Gemüse verursacht deutlich weniger Emissionen als Fleisch und Tierprodukte wie Milch und Käse. Jeder Deutsche verspeist in seinem Leben durchschnittlich 1.094 Tiere:

  • 4 Rinder
  • 4 Schafe
  • 12 Gänse
  • 37 Enten
  • 46 Schweine
  • 46 Puten
  • 945 Hühner.

Hier findest du einen interessanten Fleischrechner, der dir zeigt welche Auswirkungen deine konkrete Ernährungsweise hat und was eine Änderung bringen könnte.

Um das ganze nochmals bildlicher darzustellen, habe ich eine interessante Tabelle mit den Effekten der Herstellung angefügt. Die Skizze zeigt dir die Auswirkungen, dargestellt in gefahrenen Autokilometern, deutlich.

4. Unabhängigkeit von großen Konzernen

Wusstest du, dass in Deutschland nur 5 Handelskonzerne (Schwarz-Gruppe, Aldi, Edeka, Rewe und Metro) den Lebensmittelmarkt bestimmen?

Diese Marktführer kontrollieren nicht nur große Marktanteile, sondern haben dadurch auch Macht über die Produzenten. Sie drücken den Preis und sorgen so dafür, dass viele kleine Lieferanten in finanzielle Schwierigkeiten gelangen.

Achte beim Einkaufen auf faire Arbeitsbedinungen und kaufe wenn möglich bei kleinen, unabhängigen Läden und Marken.
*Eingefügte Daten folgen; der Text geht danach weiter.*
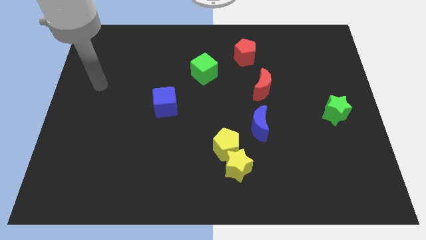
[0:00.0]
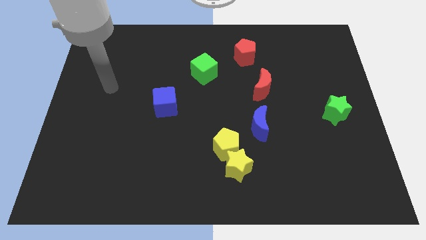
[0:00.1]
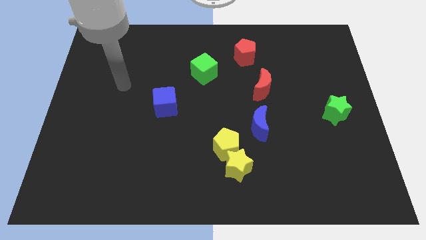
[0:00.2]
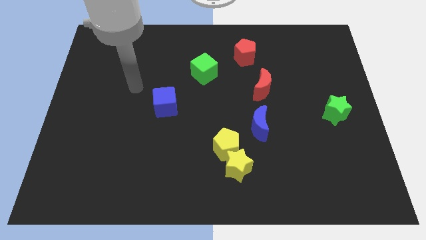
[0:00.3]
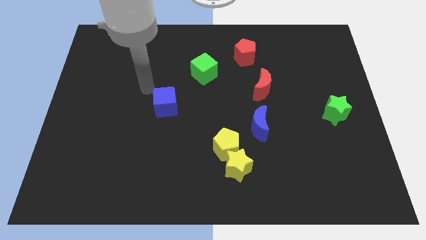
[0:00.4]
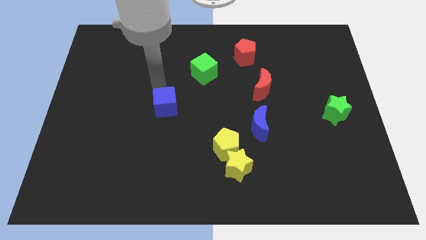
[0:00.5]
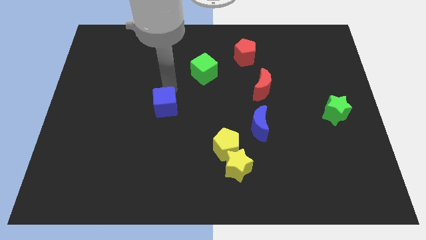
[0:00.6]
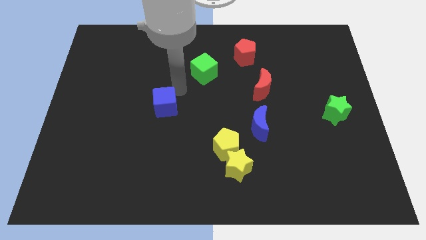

So leistet du einen Beitrag zu mehr sozialer Gerechtigkeit und hilft kleinen Produzenten besser ihren tatsächlichen Preis zu bekommen.

Übersicht Konzerne

Übersicht Konzerne

 

5. Achte auf deine Gesundheit

Du bist, was du isst.

Wir können durch unsere Ernährung sowohl gute wie auch schlechte Auswirkungen auf unser Leben bewirken. Viele Krankheiten wie Übergewicht, Diabetes, Herz-Kreislauferkrankungen hängen oft in direktem Zusammenhang mit unserer Ernährung. Ich werde hier nicht die Auswirkungen der Ernährung auf unsere Gesundheit erläutern, möchte aber dennoch kurz erläutern wie wir diese als weiteren Stimmzettel nutzen können.

Für Lebensmittelunternehmen ist es wichtig, viel zu verkaufen. Um dies zu ermöglichen, werden bearbeitete Nahrungsmittel oft mit anregenden Stoffen versetzt um den Absatz zu steigern. Die Lebensmittel schmecken aufgrund von Zucker und Fett sehr gut und regen an mehr zu essen, d.h. auch mehr zu kaufen. Jeder kennt die Wirkung von einer offenen Packung Chips oder Süßigkeiten, die selten wieder geschlossen wird.

Um positive Auswirkungen auf die Gesundheit erzielen zu können, ist es notwendig auf möglichst unverarbeitete Lebensmittel zurückzugreifen. Kaufe regional und saisonal ein, koche selbst und befasse dich mit deiner Ernährung. Schau dir die verwendeten Zusatzstoffe in Fertiggerichten und hinterfrage sie kritisch. Nimm dir Zeit beim Essen und genieße jeden Bissen, anstatt hastig zwischen Tür und Angel ein Brötchen zu essen. So bekommt deine Ernährung wieder mehr Bedeutung und deine Bewusstsein dafür wird gestärkt.

 

Wie du siehst, hast du mit der Wahl deiner Lebensmittel durchaus die Macht, Dinge zu ändern. Oft liegt es nur an unserer Unwissenheit und Bequemlichkeit, dass so viel Leid auf der Welt entsteht. Investiere etwas Zeit und macht dir die Auswirkungen deiner Essgewohnheiten bewusst und du wirst bald positiv die Welt verändern.